(MATERIAL FOR THIS EXERCISE)

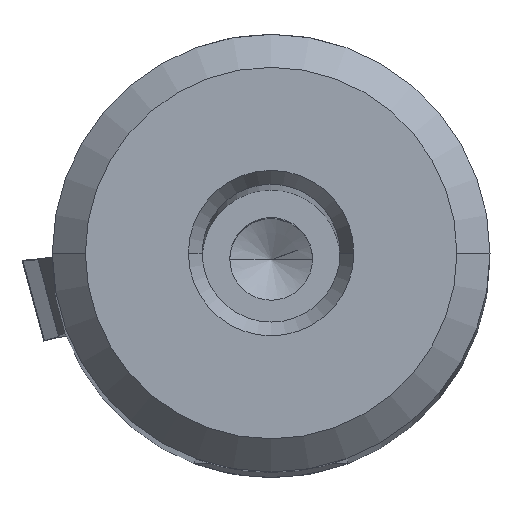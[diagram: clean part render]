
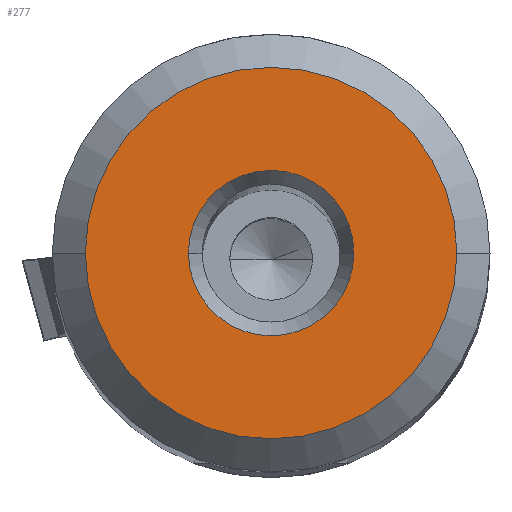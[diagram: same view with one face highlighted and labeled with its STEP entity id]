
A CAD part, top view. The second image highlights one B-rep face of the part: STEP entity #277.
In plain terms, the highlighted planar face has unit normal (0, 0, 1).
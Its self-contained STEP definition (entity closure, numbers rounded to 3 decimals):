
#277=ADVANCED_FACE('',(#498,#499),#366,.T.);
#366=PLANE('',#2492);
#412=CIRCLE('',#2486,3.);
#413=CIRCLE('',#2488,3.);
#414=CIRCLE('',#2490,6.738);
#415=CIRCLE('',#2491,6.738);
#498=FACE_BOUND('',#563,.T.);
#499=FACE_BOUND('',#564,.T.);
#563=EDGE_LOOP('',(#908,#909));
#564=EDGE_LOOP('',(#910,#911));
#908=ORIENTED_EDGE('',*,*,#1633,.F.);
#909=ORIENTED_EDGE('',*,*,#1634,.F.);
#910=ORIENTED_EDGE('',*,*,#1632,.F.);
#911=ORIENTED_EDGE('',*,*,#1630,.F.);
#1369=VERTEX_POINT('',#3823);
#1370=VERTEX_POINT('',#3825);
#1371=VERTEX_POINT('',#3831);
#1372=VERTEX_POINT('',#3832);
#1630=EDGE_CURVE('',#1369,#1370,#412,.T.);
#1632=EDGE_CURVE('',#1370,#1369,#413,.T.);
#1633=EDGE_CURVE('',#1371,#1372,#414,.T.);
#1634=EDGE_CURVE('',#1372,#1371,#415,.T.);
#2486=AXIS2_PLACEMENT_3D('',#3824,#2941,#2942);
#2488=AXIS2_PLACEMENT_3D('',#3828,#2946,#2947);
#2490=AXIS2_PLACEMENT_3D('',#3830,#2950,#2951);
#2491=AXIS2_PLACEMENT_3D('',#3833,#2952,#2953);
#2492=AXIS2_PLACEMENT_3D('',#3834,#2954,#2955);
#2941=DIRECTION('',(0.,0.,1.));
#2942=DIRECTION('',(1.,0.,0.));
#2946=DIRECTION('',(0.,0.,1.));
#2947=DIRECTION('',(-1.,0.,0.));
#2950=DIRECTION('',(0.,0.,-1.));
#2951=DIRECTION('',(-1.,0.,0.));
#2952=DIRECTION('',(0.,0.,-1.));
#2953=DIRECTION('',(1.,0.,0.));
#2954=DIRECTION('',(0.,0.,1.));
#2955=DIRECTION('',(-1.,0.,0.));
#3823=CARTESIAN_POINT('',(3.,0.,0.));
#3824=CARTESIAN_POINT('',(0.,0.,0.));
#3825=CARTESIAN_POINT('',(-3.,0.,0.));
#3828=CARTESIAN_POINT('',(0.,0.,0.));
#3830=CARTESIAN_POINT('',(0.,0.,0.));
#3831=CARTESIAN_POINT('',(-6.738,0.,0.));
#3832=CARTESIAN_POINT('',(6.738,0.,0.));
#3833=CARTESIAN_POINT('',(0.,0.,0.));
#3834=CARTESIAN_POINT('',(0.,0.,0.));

(End MATERIAL FOR THIS EXERCISE)

• **WHAT IS NEEDED**: Please give again the lines above between the line holding "#412=CIRCLE('',#2486,3.);" and the line holding "#910=ORIENTED_EDGE('',*,*,#1632,.F.);", inclusive, exactly as they are and with nothing added.

• **TASK OUTPUT**:
#412=CIRCLE('',#2486,3.);
#413=CIRCLE('',#2488,3.);
#414=CIRCLE('',#2490,6.738);
#415=CIRCLE('',#2491,6.738);
#498=FACE_BOUND('',#563,.T.);
#499=FACE_BOUND('',#564,.T.);
#563=EDGE_LOOP('',(#908,#909));
#564=EDGE_LOOP('',(#910,#911));
#908=ORIENTED_EDGE('',*,*,#1633,.F.);
#909=ORIENTED_EDGE('',*,*,#1634,.F.);
#910=ORIENTED_EDGE('',*,*,#1632,.F.);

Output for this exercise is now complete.